Jordan has seen some protests with (relatively) low levels of violence, but most of that has taken place in the capital, Amman. And no one who visits the Hashemite Kingdom visits because of Amman. Rather, there's the southern triangle, comprising Petra, the ancient red-rose Nabataean city carved out of stone; Wadi Rum, the astonishing desert vista that King Abdullah II says is the soul of Jordan; and Aqaba, the Red Sea seaside resort. There's also the Dead Sea, with fantastic hotels lining this world-famous, unique body of water.
Across the Dead Sea is Israel, not strictly speaking part of the Arabic-speaking Middle East, even though Arabs constitute 20 percent of the Jewish state's population. In spite of a recent terror attack in Jerusalem, Israel is safe, especially outside major population centers like the capital and Tel Aviv. When the weather turns warm, there's either the beach, with fantastic seafood restaurants all along the Mediterranean coast from Tel Aviv up to Haifa, or northern Israel, the Galilee. The northern mountains of Israel, in cities like Tzfat, is where Israelis used to go for relief in the summertime, long before the advent of air conditioning. Even now, Israelis from Jerusalem and Tel Aviv make their way up north for weekend getaways, filling Galilee hotels and bed and breakfasts on the Golan Heights, where you'll find some of the region's most amazing views (you can see Jordan, Syria, and Lebanon) and the world's best beefsteaks. Golani cattle and the region's blossoming wine industry make this area a small Levantine Argentina.
North of the Galilee is Lebanon, usually one of the Middle East's most volatile countries, but for the time being anyway, it's one of the safest. And yet even when it is most tense, Beirut still stays open all night partying. For food, fun, and people-watching, this is the top city in the region, far and away. The summer can be a difficult time to visit with so much of the Lebanese diaspora coming back to spend time with their family, and this looks to be one of the country's biggest seasons for tourism ever. That is because the Lebanese understand that much of the violence that comes to Lebanon is sent there by the Syrian regime, as a way to exercise its hegemony over its smaller, wealthier neighbor. And yet the conflict in Syria is consuming all of its neighbor's attention, meaning that Lebanon can breathe freely right now. Of course, that could all change at a moment's notice. The Lebanese know how live the two sides of their reality, but it's a little harder on tourists. As ever in Beirut, when you go you take your chances. Few visitors think it's not worth the risk.

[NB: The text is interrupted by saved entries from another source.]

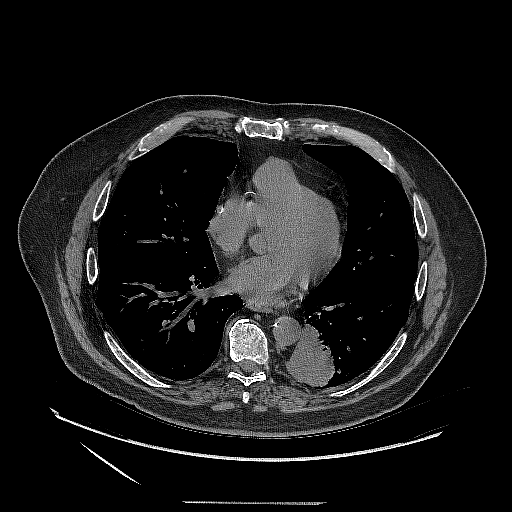 CT

Annotated regions:
* lung tumor: box=[286, 324, 340, 389]
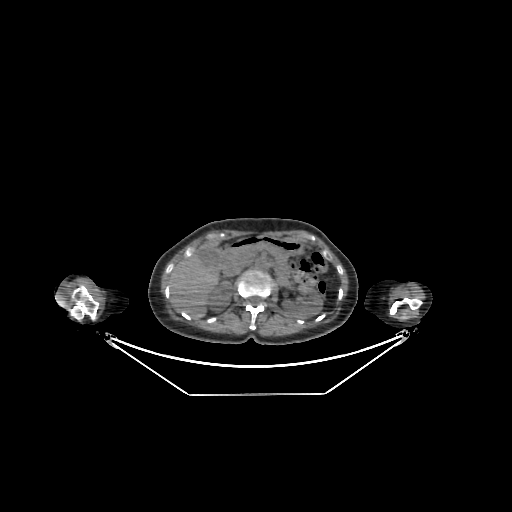
CT image

3 liver regions are located at (201,242,218,250), (227,246,248,272), (168,250,220,319). 2 kidney regions are located at (282,284,323,320), (207,280,232,311).
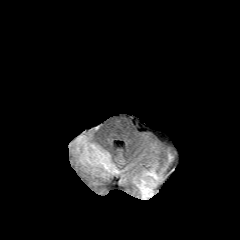
FLAIR magnetic resonance.
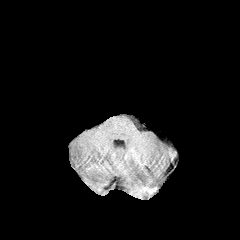
T1-weighted magnetic resonance.
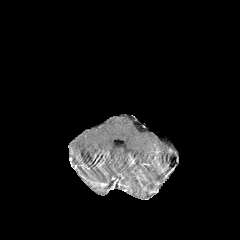
Post-contrast T1-weighted MR.
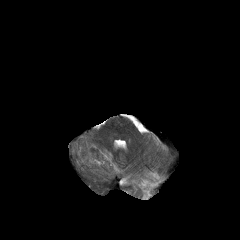
Same slice, T2-weighted MR.
Brain | Image size 240x240
Edema: bounding box bbox=[139, 166, 163, 198].
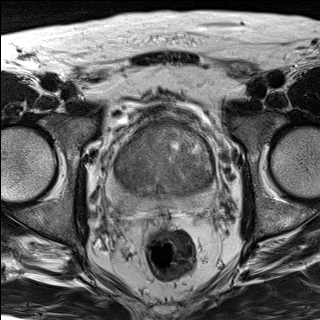
T2-weighted magnetic resonance.
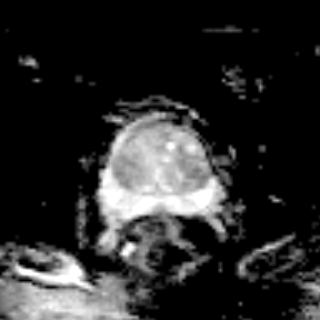
ADC MRI.
The prostate peripheral zone appears at x1=107 y1=158 x2=214 y2=214. The prostate transition zone is at x1=114 y1=126 x2=214 y2=196.

And then there's Egypt. During the uprising there that brought down President Hosni Mubarak in February, the turmoil and violence set back the tourism industry significantly. Tourism is one of the economy's largest sources of revenue, and right now travel to Egypt is down significantly, which may turn out to be good news. The country is safe, if relatively vacant, which means that there are bargains to be had. Typically crowded venues throughout Cairo, Alexandria, and along the Nile (like Luxor and Aswan) are begging for business. The only downside is that the salesmen, vendors, and tourist guides at all the major sites who are typically aggressive under normal circumstances are going to be even more eager to move their wares now. Still, if you have patience for it, that's not a bad deal to see the Pyramids and the Sphinx without the crowds.